»»

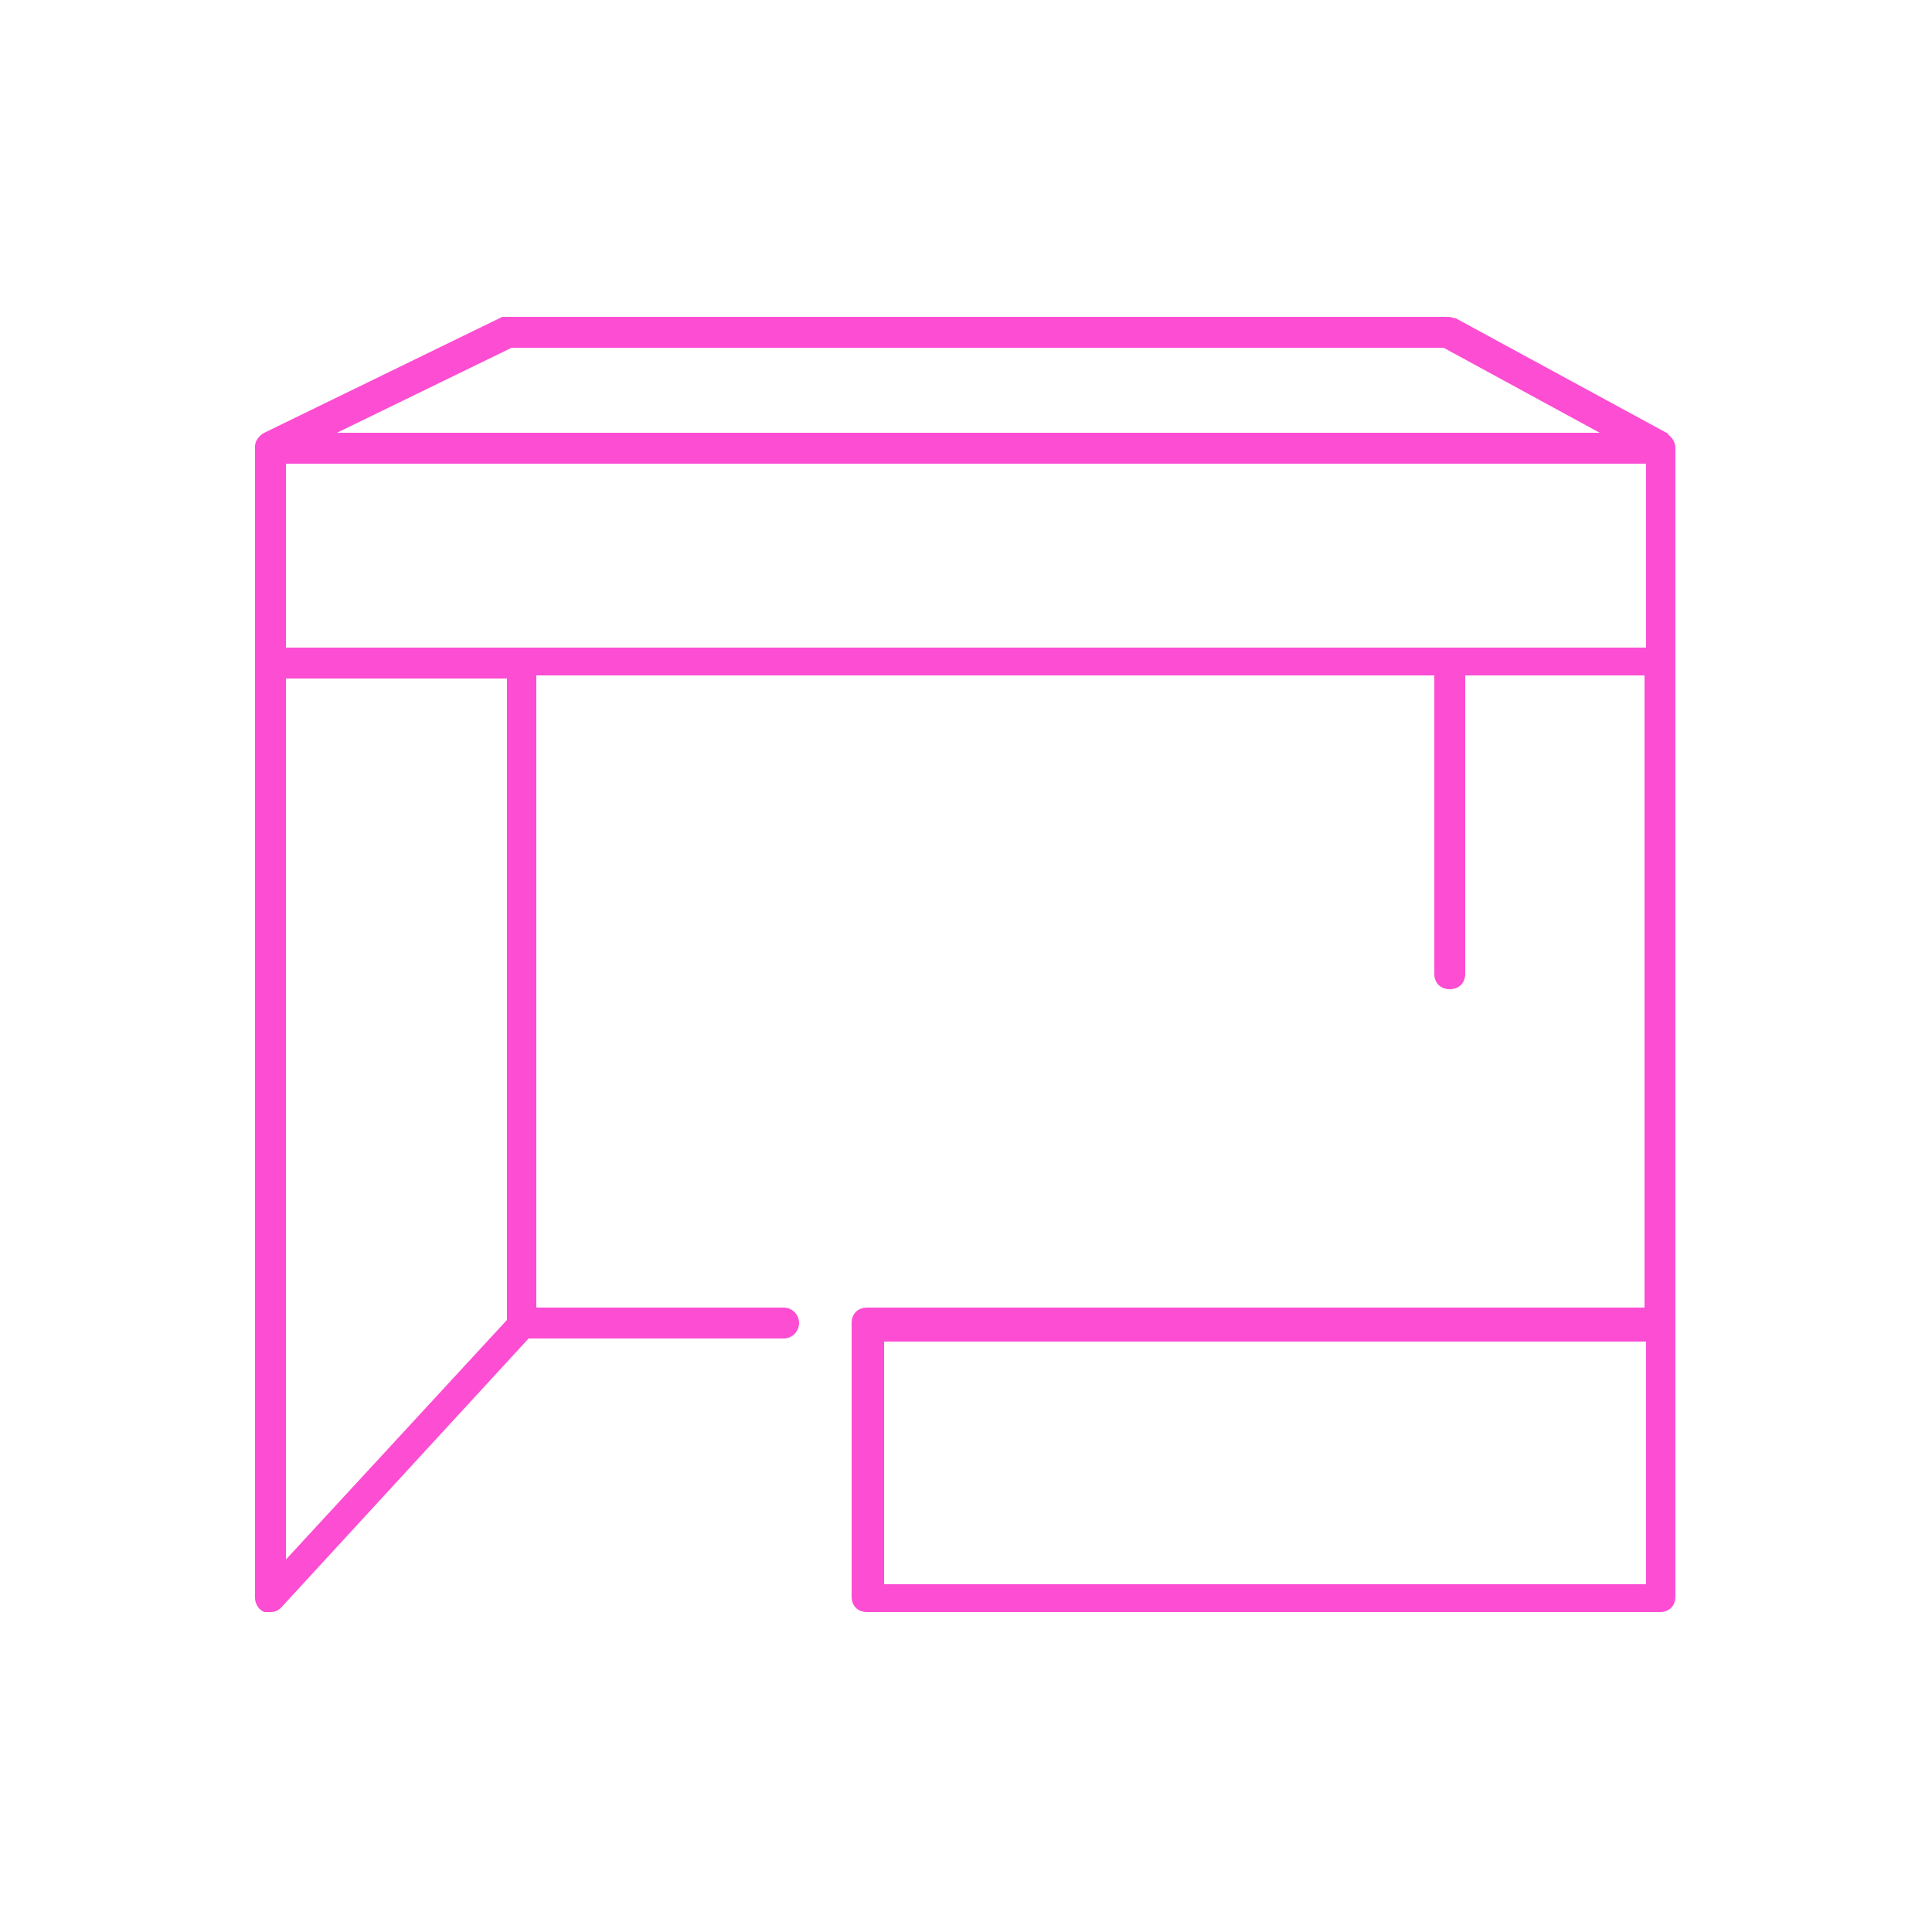 <?xml version="1.0" encoding="UTF-8"?>
<svg id="Layer_1" xmlns="http://www.w3.org/2000/svg" version="1.1" viewBox="0 0 125 125">
  <!-- Generator: Adobe Illustrator 29.1.0, SVG Export Plug-In . SVG Version: 2.1.0 Build 142)  -->
  <defs>
    <style>
      .st0 {
        fill: #fc4dd3;
      }
    </style>
  </defs>
  <path class="st0" d="M108,28.1l-13.8-7.5c-.1,0-.3-.1-.5-.1h-60.8c-.2,0-.3,0-.4,0l-15.4,7.5s-.6.3-.6.9v74.5c0,.4.3.8.6.9.1,0,.2,0,.4,0,.3,0,.5-.1.7-.3l16-17.4h16.5c.6,0,1-.5,1-1s-.4-1-1-1h-16v-40.9h58.1v19.3c0,.6.4,1,1,1s1-.4,1-1v-19.3h11.6v40.9h-50.3c-.6,0-1,.4-1,1v17.7c0,.6.4,1,1,1h51.3c.6,0,1-.4,1-1V29c0-.6-.5-.9-.5-.9h0ZM18.5,41.9v-11.9h88v11.9H18.5ZM33.1,22.5h60.3l10.1,5.5H21.8s11.3-5.5,11.3-5.5ZM32.8,85.4l-14.3,15.5v-57h14.3v41.5ZM106.5,102.5h-49.3v-15.7h49.3v15.7Z"/>
</svg>

««

--- WHAT IS NEEDED ---
Beginning with the line that holds "<!-- Generator: Adobe" and ending with the last line of the listing, output every line exactly. Leave out everything else.

--- TASK SOLUTION ---
  <!-- Generator: Adobe Illustrator 29.1.0, SVG Export Plug-In . SVG Version: 2.1.0 Build 142)  -->
  <defs>
    <style>
      .st0 {
        fill: #fc4dd3;
      }
    </style>
  </defs>
  <path class="st0" d="M108,28.1l-13.8-7.5c-.1,0-.3-.1-.5-.1h-60.8c-.2,0-.3,0-.4,0l-15.4,7.5s-.6.3-.6.9v74.5c0,.4.3.8.6.9.1,0,.2,0,.4,0,.3,0,.5-.1.7-.3l16-17.4h16.5c.6,0,1-.5,1-1s-.4-1-1-1h-16v-40.9h58.1v19.3c0,.6.4,1,1,1s1-.4,1-1v-19.3h11.6v40.9h-50.3c-.6,0-1,.4-1,1v17.7c0,.6.4,1,1,1h51.3c.6,0,1-.4,1-1V29c0-.6-.5-.9-.5-.9h0ZM18.5,41.9v-11.9h88v11.9H18.5ZM33.1,22.5h60.3l10.1,5.5H21.8s11.3-5.5,11.3-5.5ZM32.8,85.4l-14.3,15.5v-57h14.3v41.5ZM106.5,102.5h-49.3v-15.7h49.3v15.7Z"/>
</svg>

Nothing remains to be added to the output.